A première vue, il n’est pas si aisé de comprendre l’objection faite par ces membres du Sénat américain. En quoi la création d’une crypto-monnaie par Facebook poserait-elle un risque pour les “institutions régulées” ?

Il existe plusieurs milliers de crypto-monnaies en existence. Cela n’a pas pour l’instant créé d’instabilité dans les banques, ni remis en cause leur fonctionnement.

Et puis… si la version de finance personnelle proposée par Facebook est adoptée en masse… aux dépens des groupes existants… n’est-ce pas parfaitement légitime ?

Le Sénat américain aurait-il dû tenter de stopper le développement d’Internet en raison des “risques” pour l’industrie des journaux papier ?

Devrait-il bloquer le développement de moteurs plus performants en raison du risque aux fabriquant actuels ?

Mais l’argument qu’on utilise est de dire que la finance, comme la santé ou d’autres secteurs choisis, ne sont pas de simples services qu’on peut laisser au marché… mais des questions “systémiques…” aux implications plus profondes, et qui ne peuvent être vraiment bien menées que sous la direction de bureaucrates puissants, et d’élus politiques.

Après avoir listé les fautes présumées de Facebook ces dernières années, la lettre révèle que le risque dont on averti, ce n’est pas tant le risque posé par Libra pour les banques, mais celui de se mettre en travers des autorités, en continuant à travailler sur le projet :

“Facebook semblerait vouloir s’engager dans des activités financières sans la responsabilité d’être régulé en tant que prestataire de services financiers.

“Facebook veut accomplir cet objectif en mettant les risques et la responsabilité de se mettre en règle avec la législation sur le dos des membres de l’Association Libra qui sont déjà régulés, tels que votre entreprise.

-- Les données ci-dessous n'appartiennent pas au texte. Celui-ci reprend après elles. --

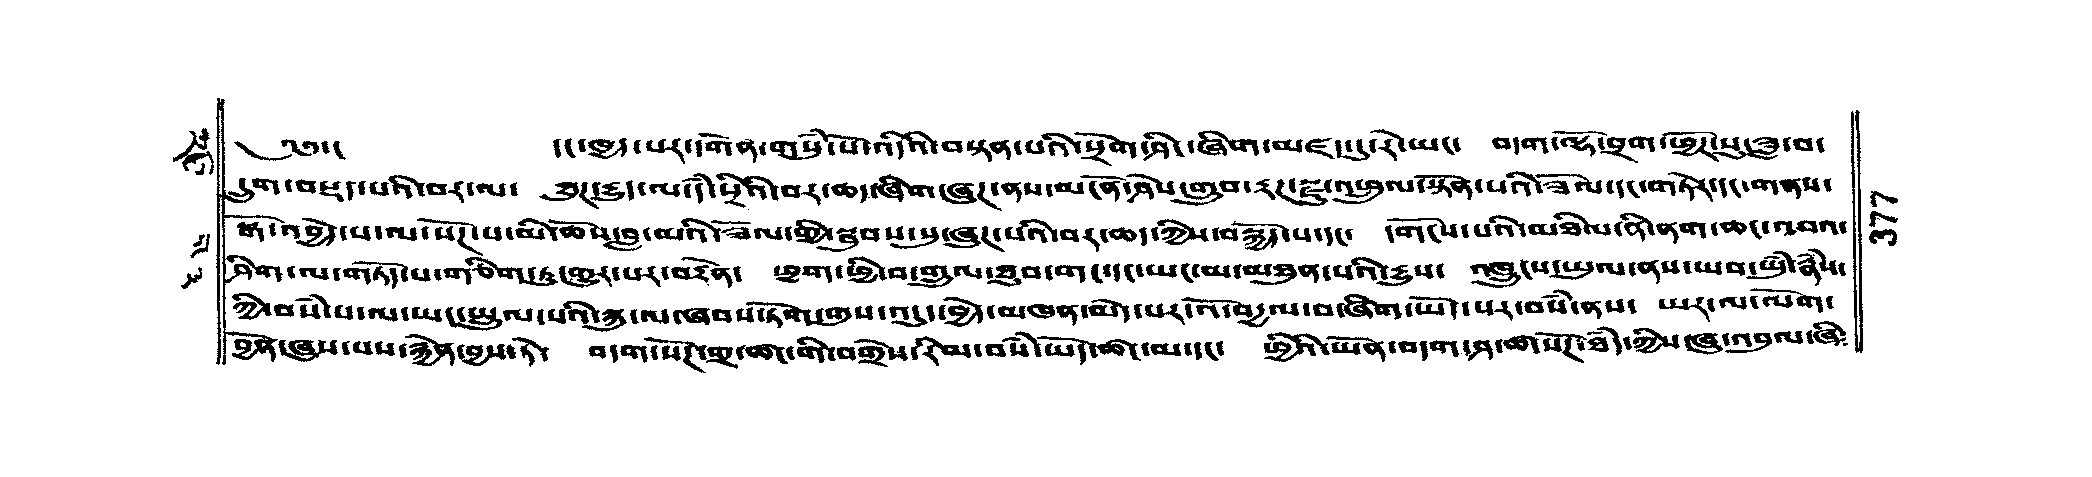དང་ཁྱད་པར་དགོན་གསུམ་པོ་འདིའི་བསྟན་པའི་སྲོག་ཤིང་ཞིག་མཛད་དུ་རེ་ཡང་། བདག་ལྷོ་བྲག་ཕྱོགས་སུ་ཟླ་བ་
དྲུག་བསྡད་པའི་བར་ལ། ཐུགས་རྒྱུད་ལ་དམ་སྲིའི་བར་ཆད་ཞིག་ཞུགས་ནས་མངོན་ཤེས་གྲུབ་རྟགས་རྫུ་འཕྲུལ་སྟོན་པའི་ཟོལ་དང་གཏེར་དང་གནས་
སྒོ་འབྱེད་པ་ལ་སོགས་པ་མི་ཆོས་བླ་མའི་ཟོལ་གྱི་སྦུབས་སུ་ཞུགས་པའི་བར་ཆད་ཀྱིས་བསྐྱོད་པ་དང་། དགོངས་པའི་མཐིལ་ནི་ནག་ཆང་འབའ་
ཤིག་ལ་གཏོད་པ་གཅིག་ཏུ་གྱུར་པར་བརྟེན། ཕྱག་ཕྱི་བ་གྲུལ་ཐུབ་གང་དང་ཡང་མ་མཐུན་པའི་རྒྱུས། འཁྲུངས་ཡུལ་ནས་ཡབ་ཡུམ་རྣམས་
ཀྱི་བསམ་པ་ལ་ཡང་སྤྲུལ་པའི་སྐུ་ལ་ཞབས་ཏོག་གུས་འདུད་བྱེད་མཁན་མེད་པར་འོ་བརྒྱལ་བ་ཞིག་ཡོད་པར་བསམ་ནས། ཡར་ལ་ལོག་
བྱོན་ཞུས་པ་ས་རྐྱེན་བྱས་ཏེ། བདག་སོགས་གྲྭ་ཚང་གི་བགྲེས་རིམ་བསམ་ཡོད་ཚང་མ་དང་། ཕྱིའི་ཡོན་བདག་ཤ་ཚ་ཅན་སོགས་ཐམས་ཅད་ཀྱི་ཞུ་འབུལ་ཞི་

“Si vous décidez de vous y joindre, vous pouvez vous attendre à recevoir un niveau élevé de surveillance de la part des régulateurs, non seulement sur vos activités relatives à Libra, mais sur toutes vos activités.”

Ce qui se cache derrière la réaction des autorités à Libra

La plupart des crypto-monnaies apparaissent d’un jour à l’autre… sans formation d’entreprise… ni demande de permis… ni création de structure légale.

Et cela n’a pas empêché à ces monnaies de proliférer.

Mais avec la monnaie de Facebook, c’est différent. Parce qu’à la différence des milliers de créateurs et cryptos, et tout le réseau de mineurs et de gens qui en détiennent, il s’agit d’une grosse entreprise avec des milliards de dollars dans ses comptes en banque, des dizaines de milliers d’employés, et une présence physique gigantesque.

Les petits acteurs dans les crypto-monnaies ne sont pas évidents à viser… mais Facebook est en l’occurrence une grosse cible. Et l’opinion populaire semble penchée en sa défaveur.

Avec toutes les règles et lois visant les banques et la finance, il est presque impossible d’innover sérieusement sans se mettre en travers de l’un des statuts variés… et qui peuvent être revues à tout instant.

En rédigeant cette lettre, les autorités signalent qu’elles ne sont pas prêtes de se montrer accommodantes à la moindre transgression…

Vu le ton employé, elles sembleraient déjà intoner qu’une infraction ait été commise quelque part (même si elles n’en disent rien formellement). Et ce n’est qu’une question de temps avant qu’elles n’agissent en conséquent.